Only thing I'd like to say is that Gracie was very thankful to me, I want to share that thanks with Vita and in particular Manuela who approved the cards and worked on the wording with me. I get the spotlight because I put things out there, so I like to drag others into the spotlight. I shouldn't forget Vince, who was the guy who's team came up with the design and made them so perfect for the job. So Gracie, thanks for the thanks, hope you don't mind that I share it around.

Gracie's comment yesterday:

I have a story to tell you that I know you will appreciate. Today a friend stopped by to talk because she was upset about something. As she went about telling of her ordeal she referred to a person that she was unhappy with as "that retard" and my daughter, Amber was sitting right beside her. Well, Amber jumped right up and rushed off to her room. I thought she was upset because of that damned word and I was right.

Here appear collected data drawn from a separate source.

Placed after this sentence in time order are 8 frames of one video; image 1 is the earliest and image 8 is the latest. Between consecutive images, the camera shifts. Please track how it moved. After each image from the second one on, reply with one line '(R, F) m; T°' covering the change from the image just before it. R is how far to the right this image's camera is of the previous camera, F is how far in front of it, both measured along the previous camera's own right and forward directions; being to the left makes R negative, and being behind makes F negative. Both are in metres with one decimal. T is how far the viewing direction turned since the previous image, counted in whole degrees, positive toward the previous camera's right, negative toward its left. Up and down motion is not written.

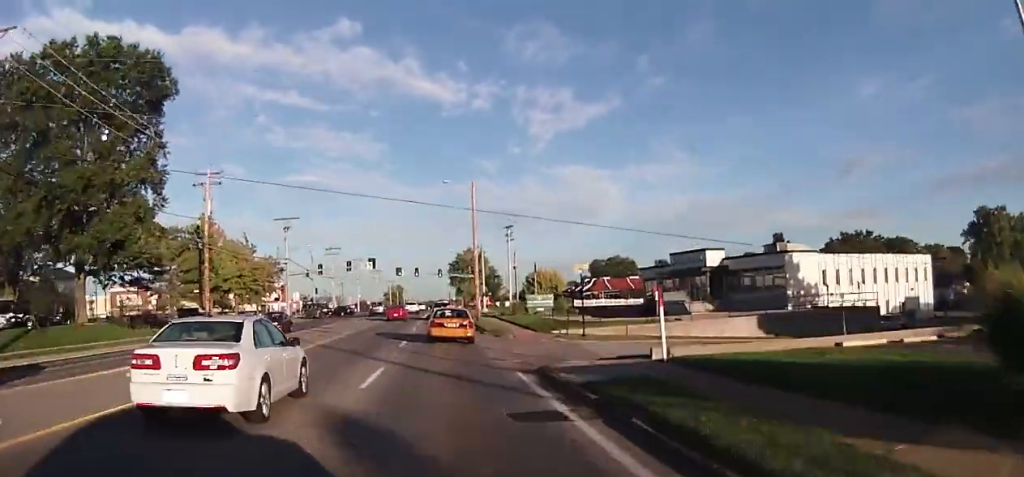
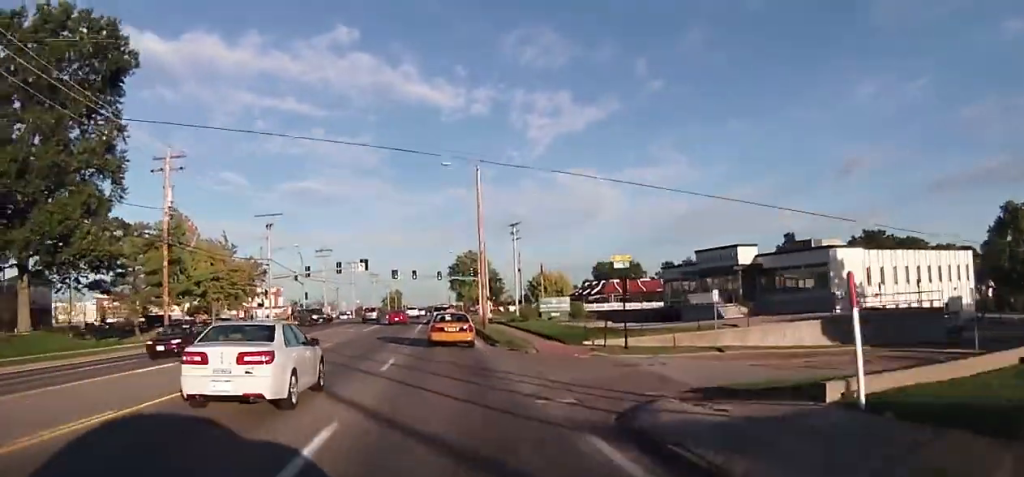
(+0.2, +7.7) m; +1°
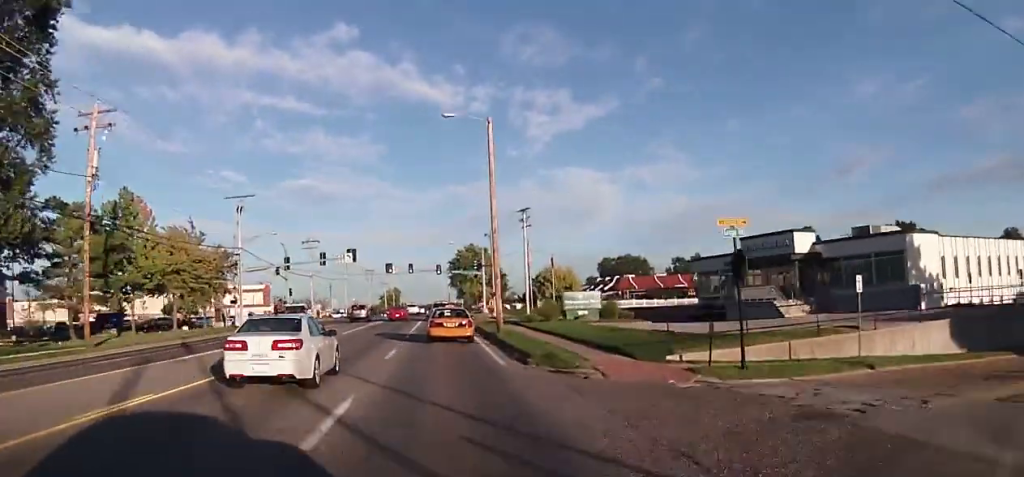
(-0.1, +10.4) m; -2°
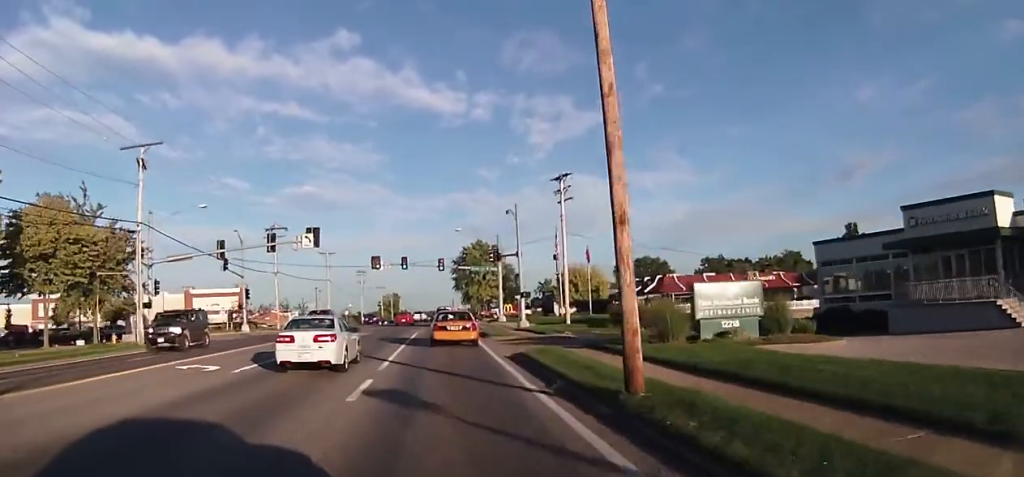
(-0.5, +21.4) m; -1°
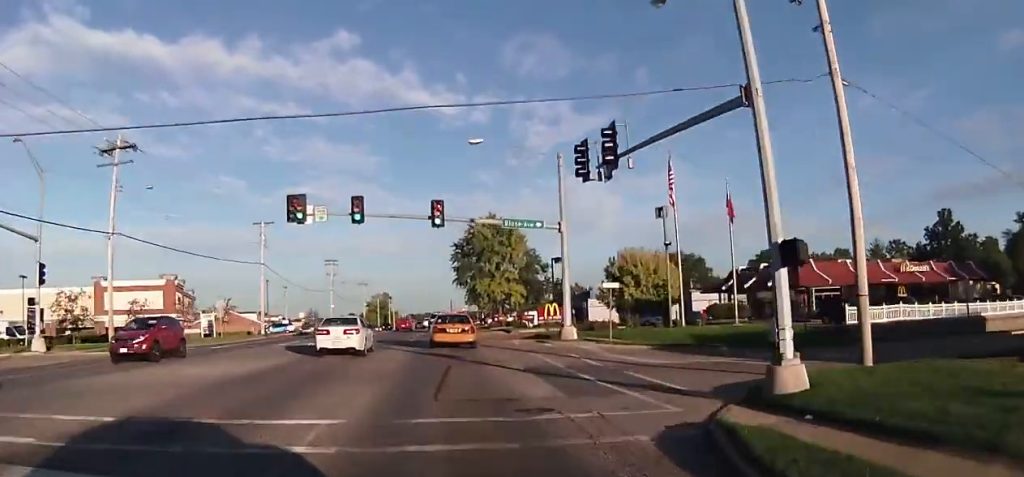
(+1.0, +38.9) m; +2°
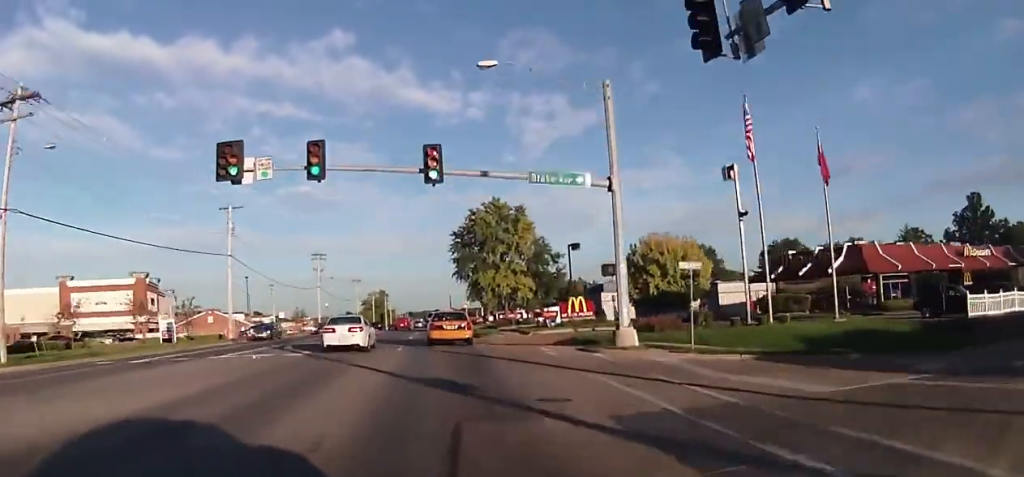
(0.0, +10.5) m; 0°
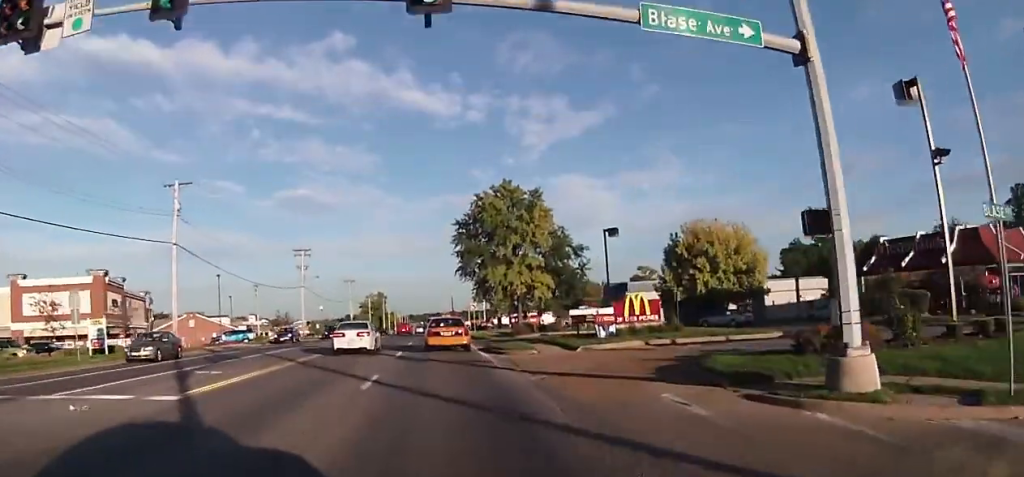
(-0.1, +13.0) m; 0°
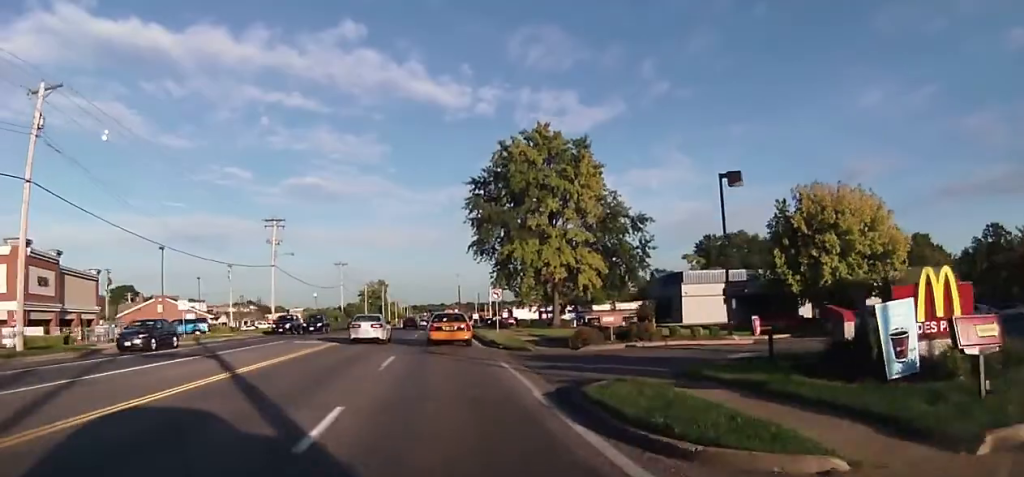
(+0.2, +19.1) m; 0°

Before I ever got a chance to say anything she was back in the living room with a card in her hand. It was one of the Words Hit Like A Fist cards! She very calmly and gently handed over the card to our friend and told her that the word "retard" hurts, so please don't use it. I was so proud.

She had so much dignity and I just sat back and watched her in awe. Our friend hugged Amber and told her how sorry she was with big tears in her eyes. I don't think she will ever use that word again. She put the card in her purse and promised to hand it over to the next person who used that word in her presence.

When the cards came in the mail I gave Amber one of them and I kept the rest. Every now and then I would see them in my wallet when I was at the store while getting money out. I even thought how I wished I could hand one out and teach someone a lesson. Silly me, I could not have done anywhere near as good as Amber did today. Now I know how it is supposed to be done.

I am just so proud and so grateful to you Dave for the great gift you gave my daughter today. Thank you so much for getting the idea of the cards to fruition, and for putting such a powerful tool in my daughters hand. You are simply THE BEST!!!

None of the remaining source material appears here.